26 October - 1 December 2002

Loss of Gravity brought together a number of new works by John Gillett. The works which were on show developed John’s established design practice and interest in the role of digital media for presentation and distribution. Each work involves a pairing of a moving image and a hand-constructed pop-up book; in effect, the film of the book and the book of the film, each giving the viewer a different means of access to the same basic subject matter, but each offering a different emphasis.



In
Loss of Gravity a flock of seagulls teems around the Southampton docks, the birds’ flightpaths describing random letters in the sky. The strange and transitory excitement of unprovably witnessing a word is somehow at odds with the gentle melancholy of waiting for the moment to arrive, wondering whether or not coincidence is a real or imaginary force in the world. In the accompanying books, some ten or twelve volumes, the words (or non-words) gradually emerge as the pages turn. But their appearance is not a random event, since they have been put there by the author. Yet the words themselves are arbitrary; the viewers project meanings upon them exactly as they might imagine seeing words or images in the natural world.

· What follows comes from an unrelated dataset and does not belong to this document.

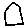
Label: house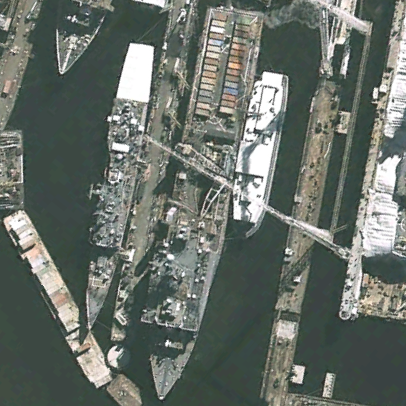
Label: combat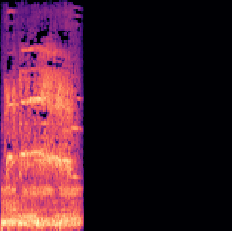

England’s Glory uses similar computer code to similar ends. The birds circle a Union Jack, flapping in the seaside breeze. Their randomly determined configurations are from given lists of words, so the piece is far less random. The birds, as it were, have a vocabulary and the vocabulary is that of national heritage and patriotism. The work gives a smart salute to the arbitrariness of our allegiances. In True Grit, the units of random manipulation will be grains of sand beneath the incoming tide. As the waves come and go, the sand is dragged to form images which are washed away as soon as they appear. We think we see old photographs, but they are gone like their subjects.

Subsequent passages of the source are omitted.